During a women's high tower international diving competition in February 1984, McArton finished runner-up to then world champion Wendy Wyland, gaining 389.91 points to Wyland's 412.98. In March 1984, McArton was honored as the Jaycees Junior Athlete of the Year following what was described as a "brilliant season", having been selected out of 12 athletes. McArton won 3 gold medals in the 15-17 age group category during the annual national diving championships held in Edmonton during May 1984. She was named as the top female diver during the Senior National Championships and was nominated for Manitoba's "Female Athlete of the Year". During a practice dive in May 1985 in preparation for that year's national age group championships, she hit her right hand on her head and realised she had injured herself upon leaving the water. An x-ray confirmed a broken thumb which kept her out of the championships, while she was unable to dive for several weeks.

===Commonwealth 1986 and later===
McArton participated in the 1986 Commonwealth Games, finishing 5th in the 10-metre platform event with a score of 389.46. Following a third placed finish on the 10-metre tower event during the 1987 national diving championships in March, McArton took a break during the summer and had aspirations in qualifying for the 1988 Summer Olympics team, but ultimately did not make it.

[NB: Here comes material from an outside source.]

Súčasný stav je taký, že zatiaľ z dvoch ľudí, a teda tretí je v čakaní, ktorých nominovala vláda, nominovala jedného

McArton signed up for a psychology course during the summer of 1988, but changed to a religion course upon reading poor reviews on the quality of teaching, noting that she trusted the experiences of former students.

==Later life==
McArton became a high school teacher towards the end of the 1990s and was known to coach many sports while working as a teacher. She maintained a passion for swimming as well as interests in golf and canoe tripping. She married Jeffrey Wright in August 1997 and gave birth to two boys.

==Personal==
McArton attended Grant Park High School where her principal in 1984 described her as being a very responsible student who was working at "a high academic standard and is involved in other school activities", such as cross country running. Jennifer was the second of four children.

Her mother Elizabeth (nee McColl) trained as a musician, graduating at the University of Toronto with an honors in languages, later travelling to Germany and France to study literature. In 1963, she married Ronald McArton, an engineer and later pricing manager for IBM. Ron died in May 2020 and was survived by McArton's mother Elizabeth and her four children, two girls and two boys.